Photo source: Urdareanu (fifth person from left to right) in the company of King Carol II and Jockey Club President Constantin Argetoianu (1939)
Urdareanu was not promoted on merit, experience or qualification but on the boundless trust bestowed upon him by Carol II and Lupescu. The power he gleaned was hallucinating, and how it could possibly have happened had many a Bucharestean scratching his head from 1936 onwards.
According to Waldeck in Athene Palace (University Chicago Press, 2013, p24/5), many 'fantastic stories' buzzed frenetically around the capital. The most fantastic perhaps was that the King had married Lupescu off to Urdareanu. Many say the two were lovers and it has never been disproved. Whatever, impossible though it was to ascertain how this man's career had soared so extraordinarily, one thing was sure and certain: It was Lupescu who had taken him from the garage and popped him into the Palace.
(Photo source - Ernest Urdareanu) Carol II was a blabbermouth.
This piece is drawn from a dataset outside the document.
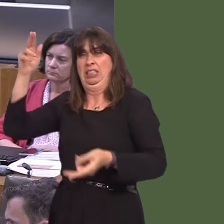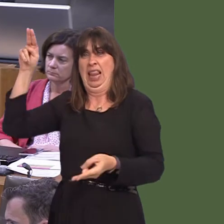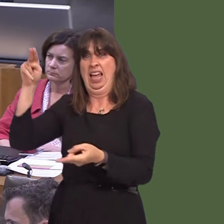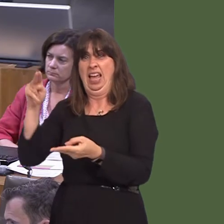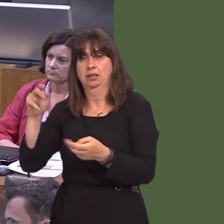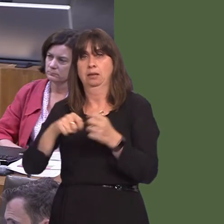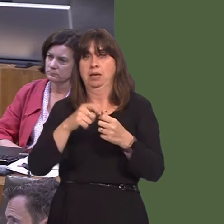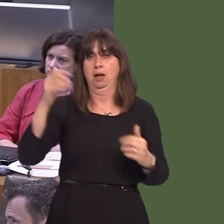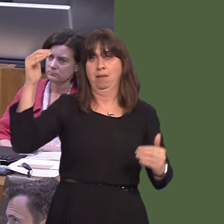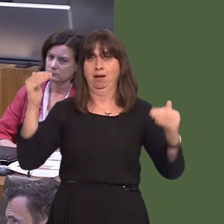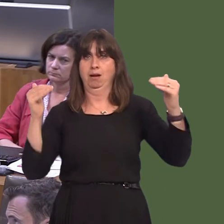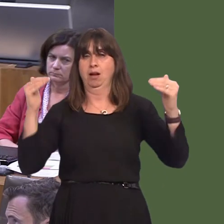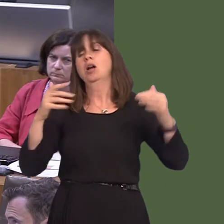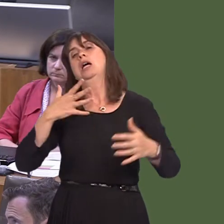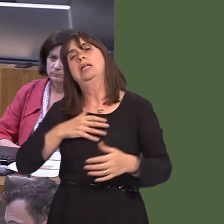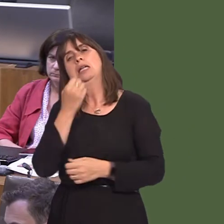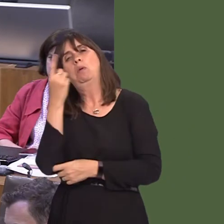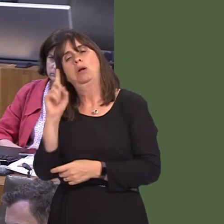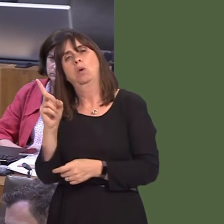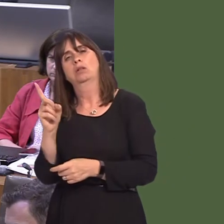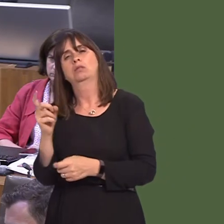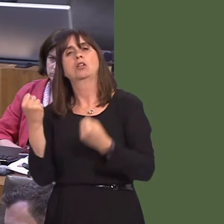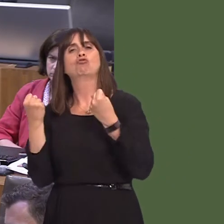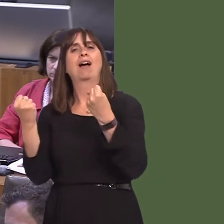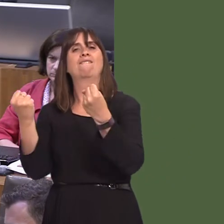service that lures them away from their cars, and that's what the metro is intended to do,

He talked too much, too freely and to everybody. On more than one occasion, he even talked about Lupescu and she was most displeased. It seems that she put Urdareanu in his valuable, powerful position to keep a gossipy king in check and thus cover the throne in some wondrous veil of secrecy that would emanate an air of mystery befitting royalty as well as minimising further chitchat focusing on her.
The upshot was that Urdareanu became the singular most important influence over Carol II's reign.
Urdareanu lorded it over the camarilla (circle of shady but powerful favourites including wealthy industrialists Auschnitt and Malaxa, Aristide Blank, Mihail Manoilescu around the King all of whom loathed Urdareanu) too, along with Lupescu. Although Carol II may have created his lavish personality cult which grew more extreme as his reign progressed, Urdareanu controlled it - and everything else:
(Waldeck, p25) 'Prime Ministers and cabinets came and went often, but Ernest Urdareanu was always there, firmly between the King and the outside world. No letters or telephone calls reached the King unless approved by Urdareanu. The King received in audience only persons whom Urdareanu approved, and even these were received in Urdareanu's presence. Even His British Majesty's minister, ponderous Sir Reginald Hoare, and the Fuhrer's stiff and polite envoy, Dr Fabrizius, had to count heavily on the good will of the all-powerful court minister.'
Rumour had it (and it's not hard to believe) that anyone who wanted to see the King had to grease Urdareanu's palm first. He is quoted to have boasted, "Madame Lupescu controls the King, but I control Madame Lupescu so I control Romania." (Moats, 1955)
Photo source: Ernest Urdareanu and Elena Lupescu, Bermuda, 1941
As the King's right-hand man, Urdareanu had seats on the boards of a myriad of companies in which Carol II had financial interests. It is generally believed that Urdareanu helped the King transfer large sums of money out of the country into foreign banks, and did not neglect his own financial benefit in the process.
Waldeck describes (p25) Urdareanu as a swarthy little man of 'flashy elegance with a silver plate in his skull who was said to use powder and rouge.' Every day he had lunch at Lupescu's house - they were neighbours. Young Prince Michael detested him and 'behind his father's back called him Murdareanu which was Romanian for dirt.' Astute child.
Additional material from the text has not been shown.